Expression profiling identifies genes involved in neoplastic transformation of serous ovarian cancer
1 Division of Cancer and Cell Biology, Queensland Institute of Medical Research, Brisbane, Queensland, Australia
2 Division of Genetics and Population Health, Queensland Institute of Medical Research, Brisbane, Queensland, Australia
3 School of Population Health, University of Queensland, Brisbane, Queensland, Australia
4 Sullivan Nicolaides Pathology Laboratory, Brisbane, Queensland, Australia
Citation and License
BMC Cancer 2009, 9:378 doi:10.1186/1471-2407-9-378Published: 23 October 2009
The malignant potential of serous ovarian tumors, the most common ovarian tumor subtype, varies from benign to low malignant potential (LMP) tumors to frankly invasive cancers. Given the uncertainty about the relationship between these different forms, we compared their patterns of gene expression.

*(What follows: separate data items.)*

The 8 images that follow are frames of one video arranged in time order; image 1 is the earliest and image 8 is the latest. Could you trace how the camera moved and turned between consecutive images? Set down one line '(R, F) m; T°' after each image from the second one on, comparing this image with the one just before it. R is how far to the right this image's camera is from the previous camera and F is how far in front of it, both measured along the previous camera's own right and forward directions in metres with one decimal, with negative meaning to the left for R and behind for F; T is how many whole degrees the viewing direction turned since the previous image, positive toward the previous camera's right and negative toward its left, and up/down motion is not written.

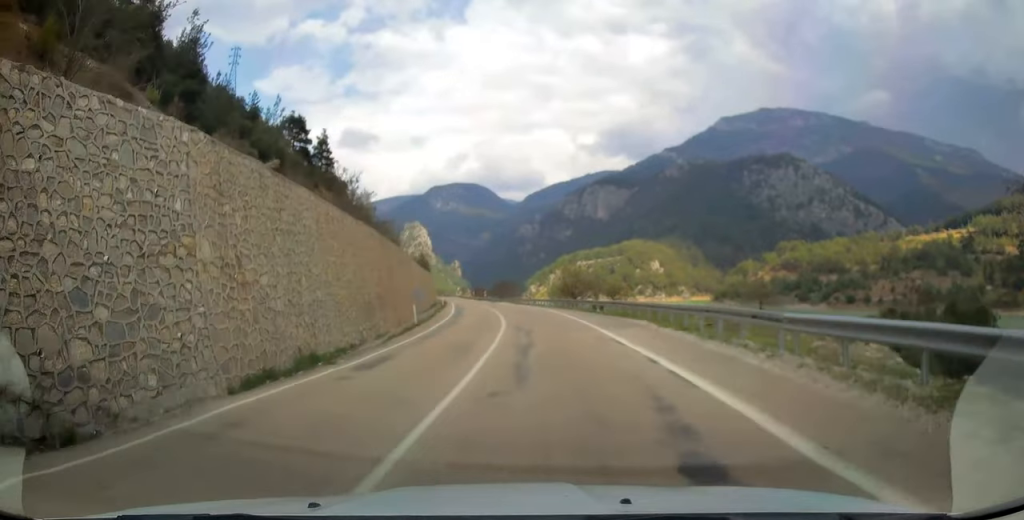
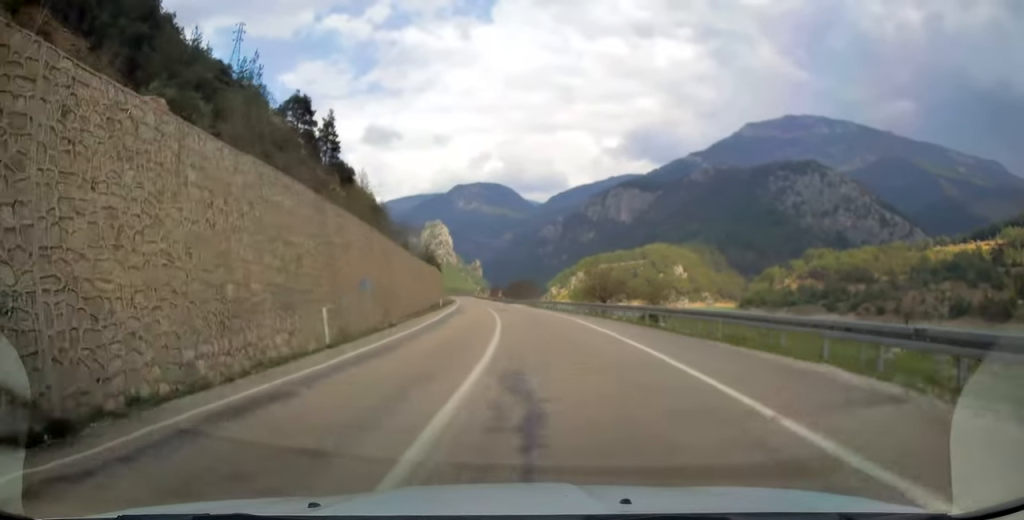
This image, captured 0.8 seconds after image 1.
(+0.1, +15.6) m; -1°
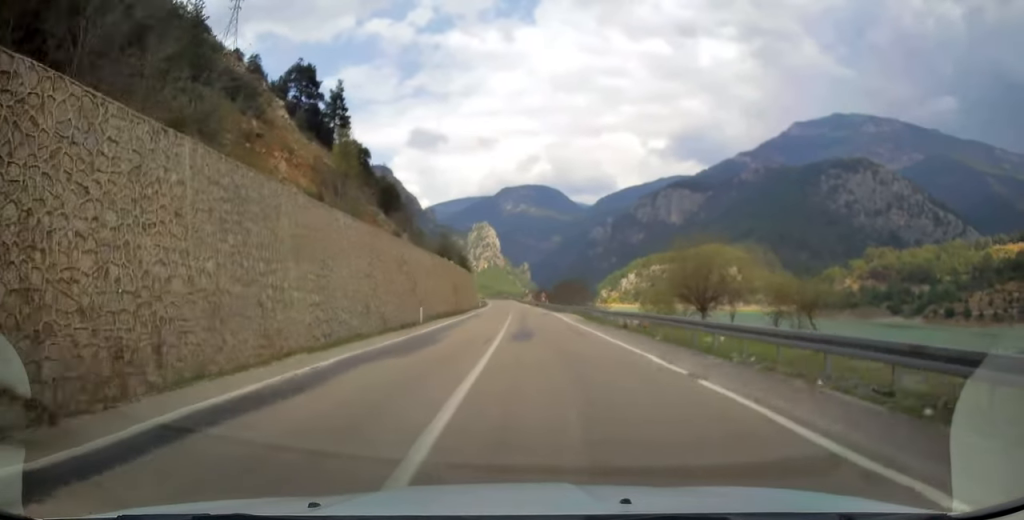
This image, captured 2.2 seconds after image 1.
(-1.1, +29.2) m; -4°
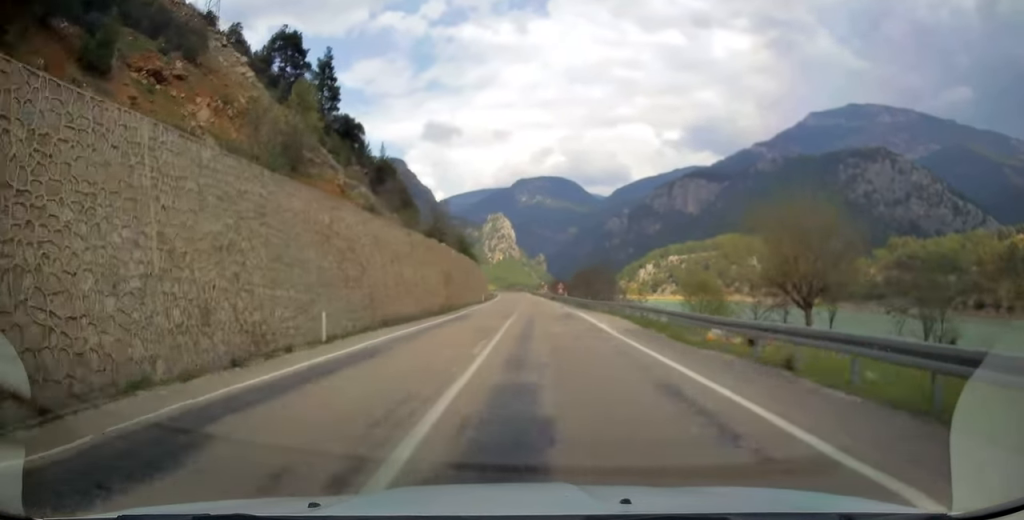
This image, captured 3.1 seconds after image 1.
(-0.1, +17.4) m; -2°
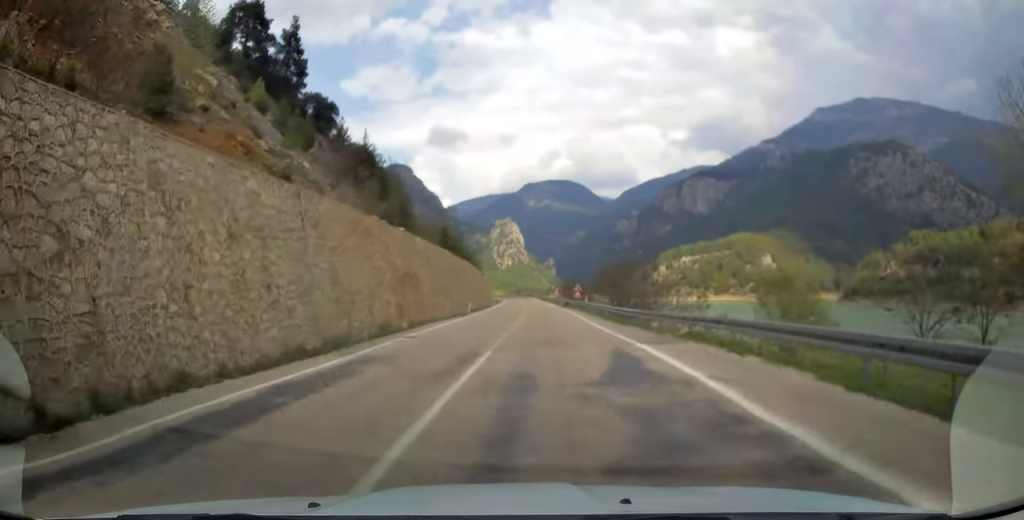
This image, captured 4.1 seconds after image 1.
(-0.6, +21.0) m; -2°
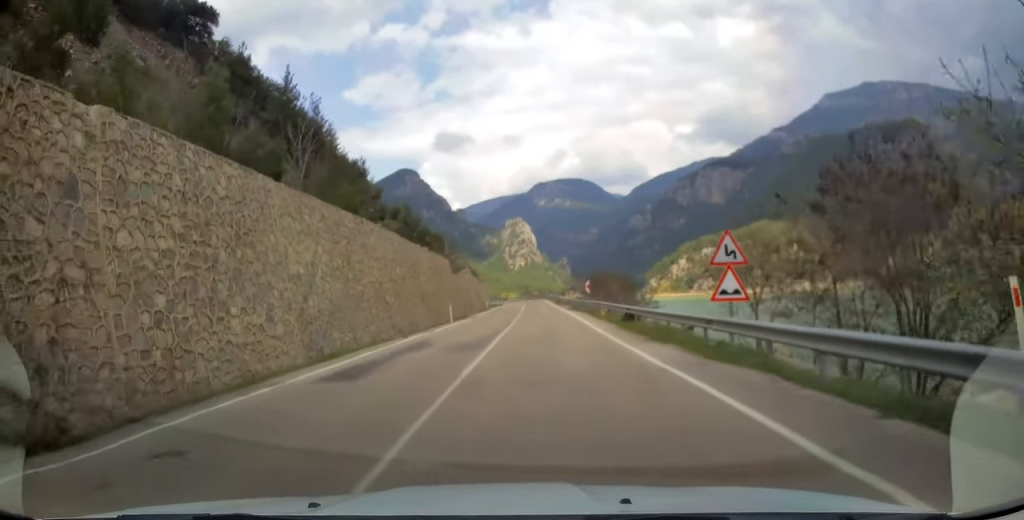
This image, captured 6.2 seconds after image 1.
(-0.2, +46.8) m; -1°
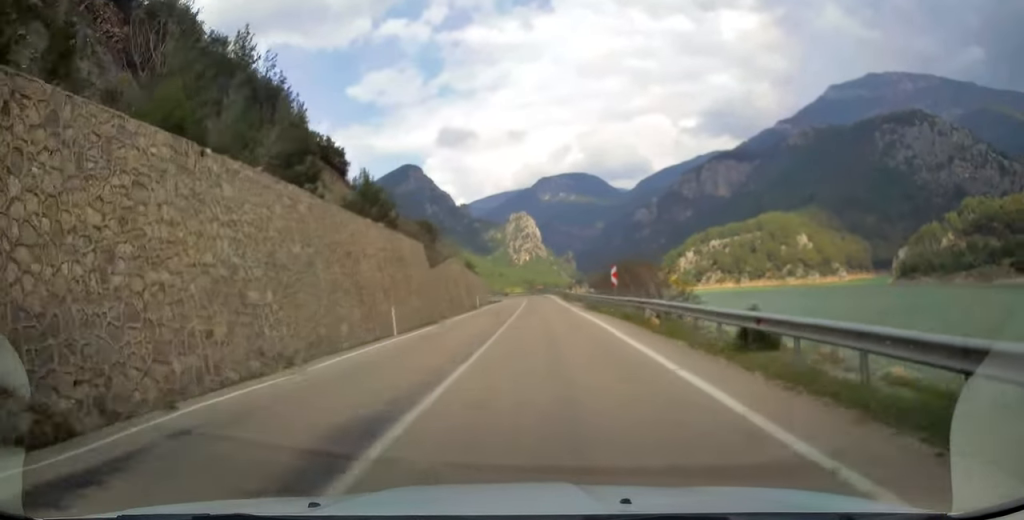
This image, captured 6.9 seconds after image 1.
(+0.1, +15.4) m; 0°
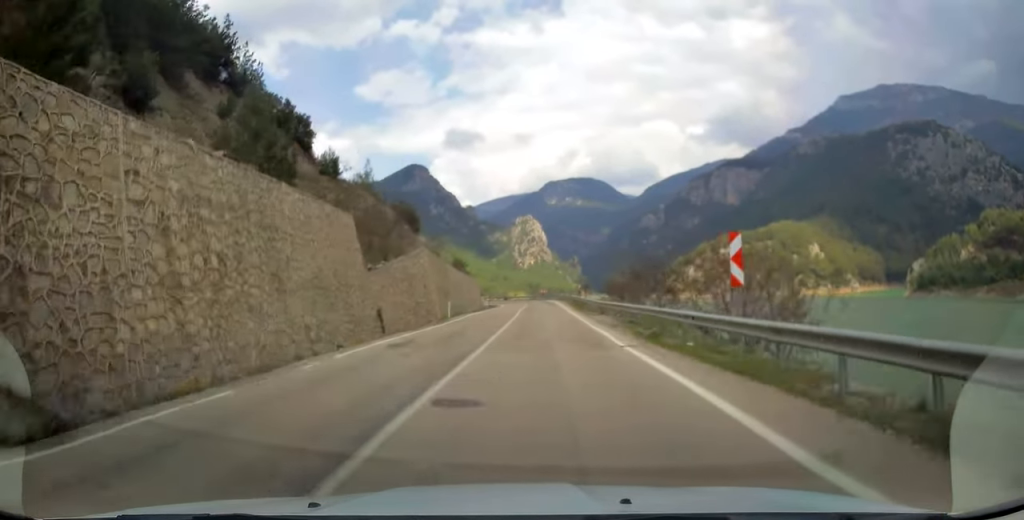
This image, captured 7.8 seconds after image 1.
(-0.2, +19.8) m; -1°
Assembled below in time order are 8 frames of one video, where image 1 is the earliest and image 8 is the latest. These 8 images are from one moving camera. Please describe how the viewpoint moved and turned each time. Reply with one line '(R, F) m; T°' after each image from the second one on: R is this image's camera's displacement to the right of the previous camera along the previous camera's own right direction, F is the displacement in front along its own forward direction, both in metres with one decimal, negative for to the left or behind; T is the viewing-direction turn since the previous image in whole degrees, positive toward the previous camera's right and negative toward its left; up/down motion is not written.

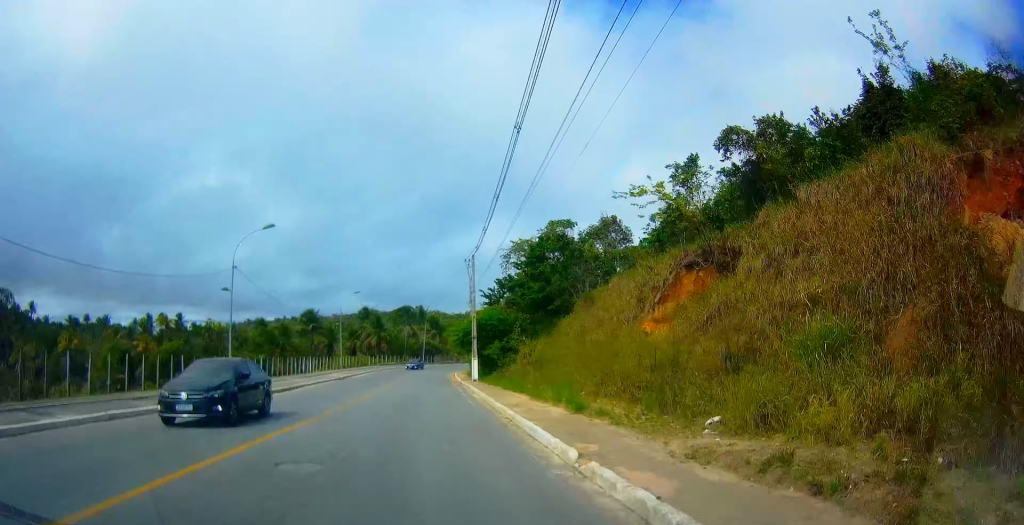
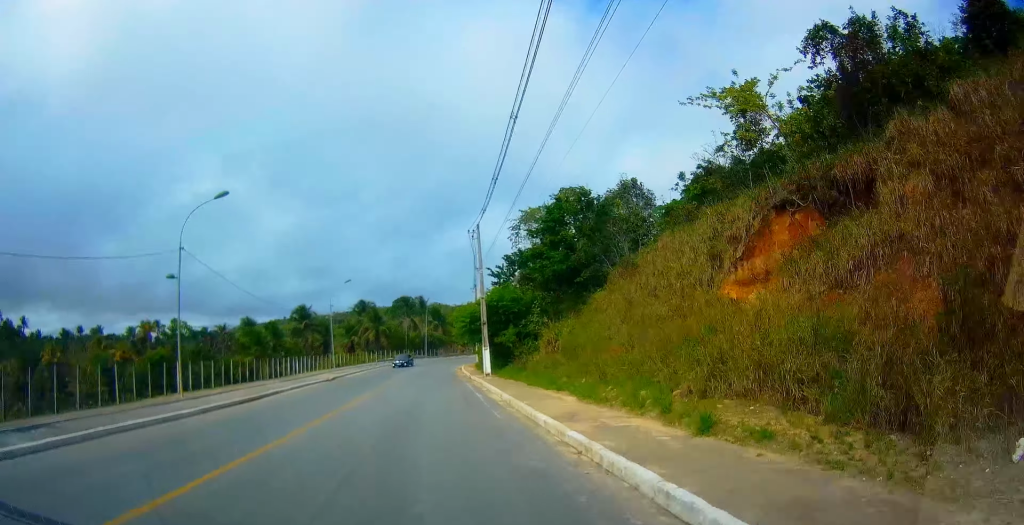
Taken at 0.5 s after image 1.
(+0.1, +6.6) m; -1°
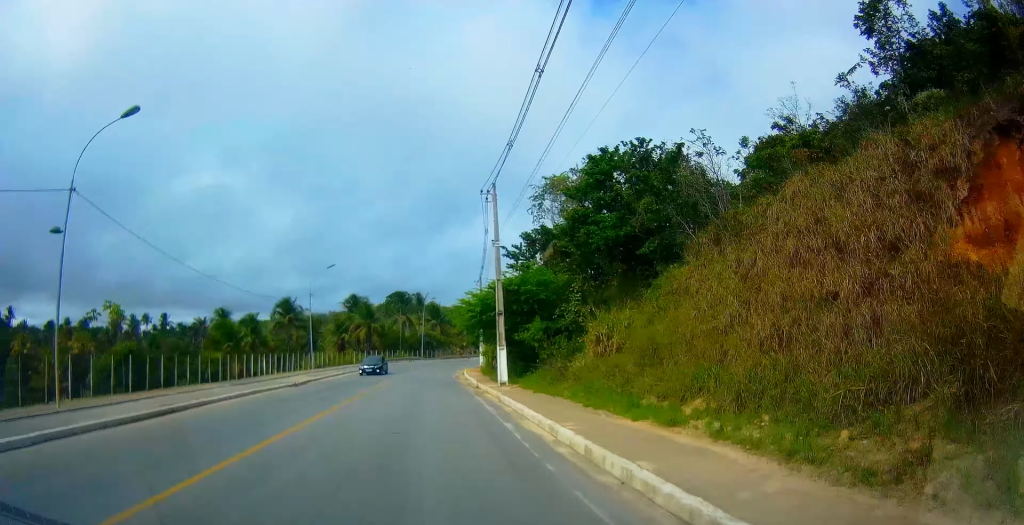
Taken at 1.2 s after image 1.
(-0.2, +8.3) m; -1°
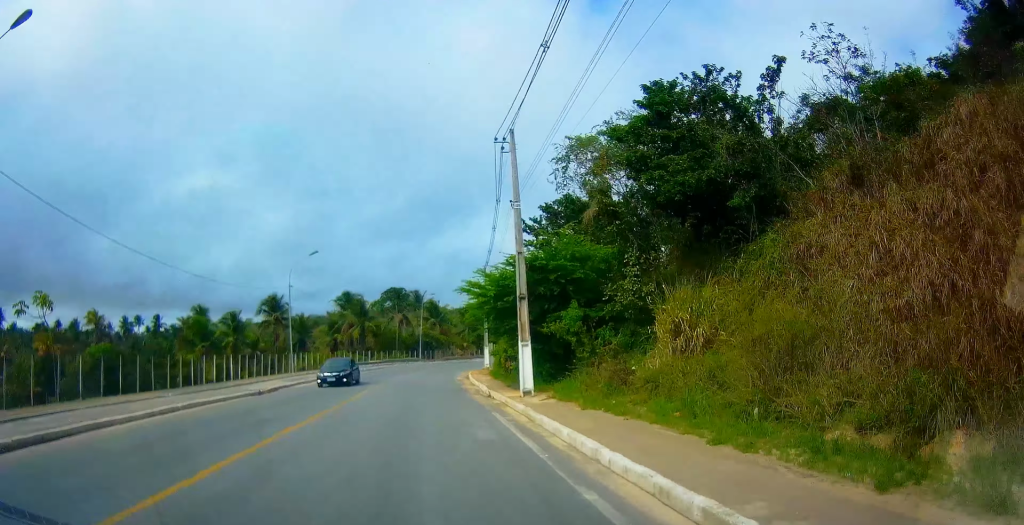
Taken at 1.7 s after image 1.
(-0.1, +6.0) m; 0°
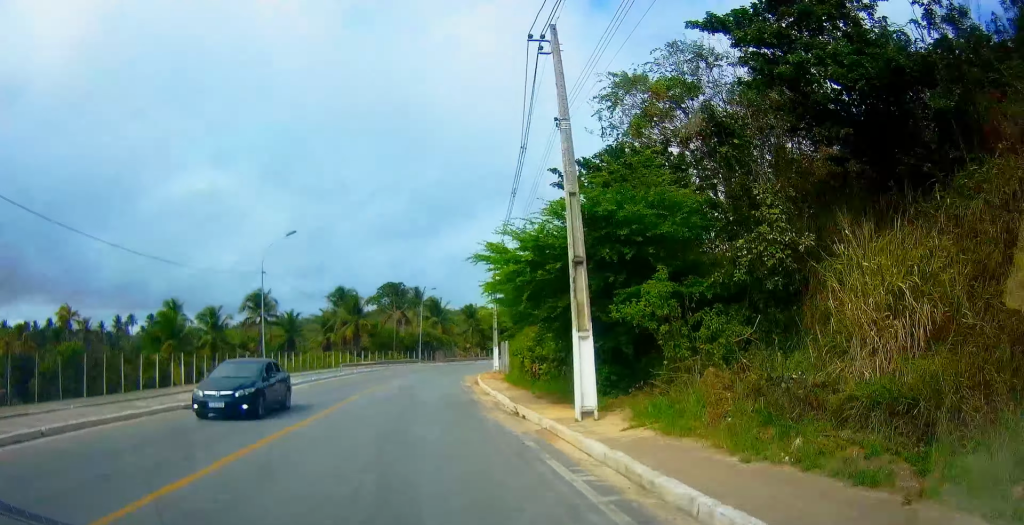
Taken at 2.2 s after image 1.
(-0.1, +6.2) m; 0°
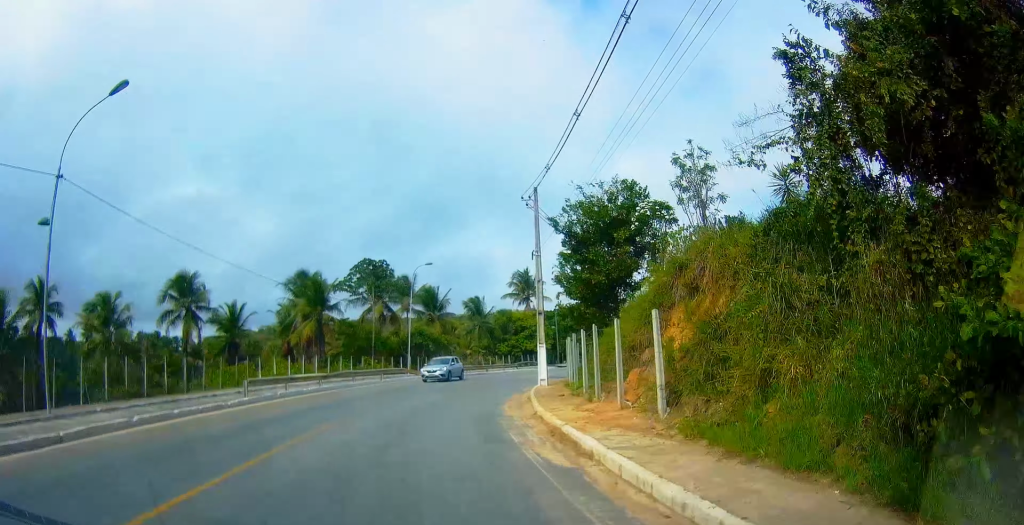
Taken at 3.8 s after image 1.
(+0.5, +18.7) m; +4°
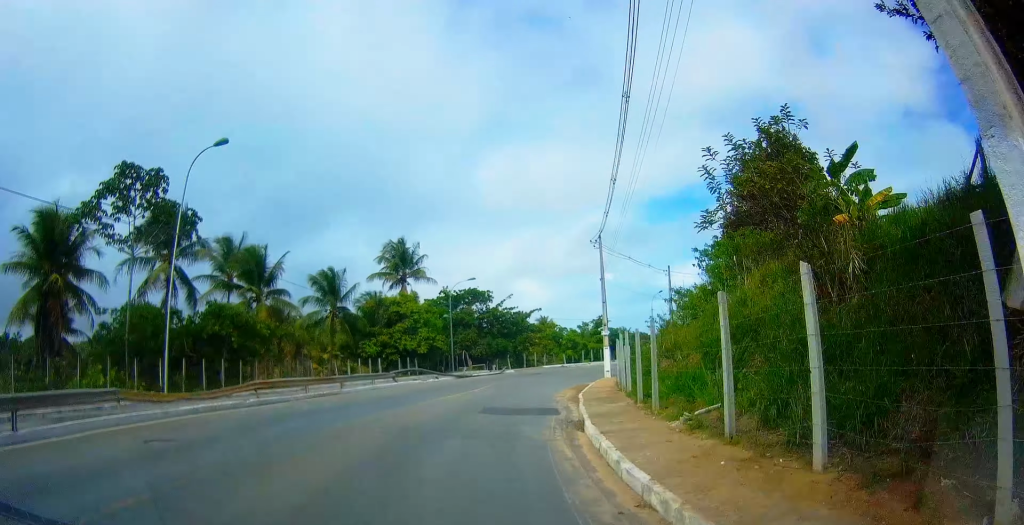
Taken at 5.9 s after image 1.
(+2.1, +26.2) m; +10°
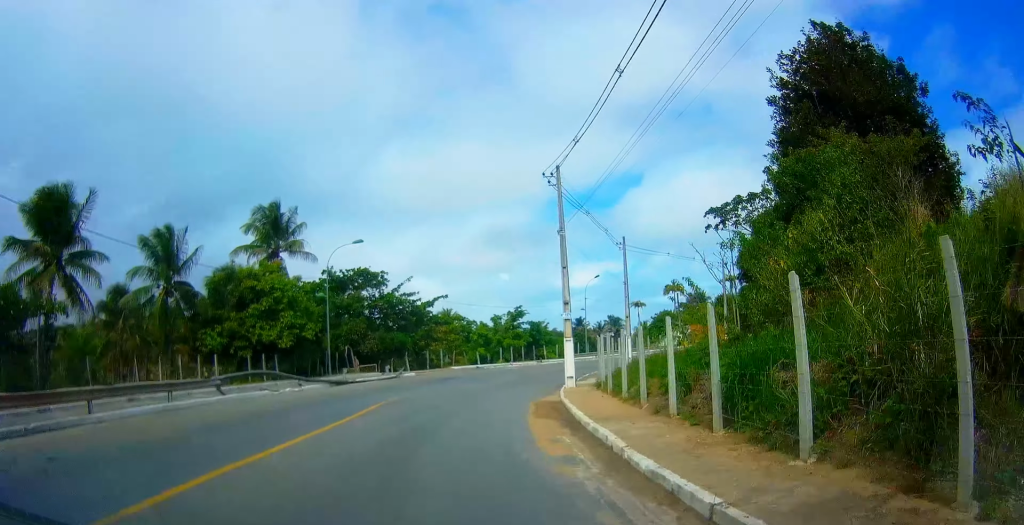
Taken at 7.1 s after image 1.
(+0.9, +15.3) m; +8°

Expression profiling was carried out on samples of 7 benign, 7 LMP and 28 invasive (moderate and poorly differentiated) serous tumors and four whole normal ovaries using oligonucleotide microarrays representing over 21,000 genes.
We identified 311 transcripts that distinguished invasive from benign tumors, and 20 transcripts that were significantly differentially expressed between invasive and LMP tumors at p < 0.01 (with multiple testing correction). Five genes that were differentially expressed between invasive and either benign or normal tissues were validated by real time PCR in an independent panel of 46 serous tumors (4 benign, 7 LMP, 35 invasive). Overexpression of SLPI and WNT7A and down-regulation of C6orf31, PDGFRA and GLTSCR2 were measured in invasive and LMP compared with benign and normal tissues. Over-expression of WNT7A in an ovarian cancer cell line led to increased migration and invasive capacity.
These results highlight several genes that may play an important role across the spectrum of serous ovarian tumorigenesis.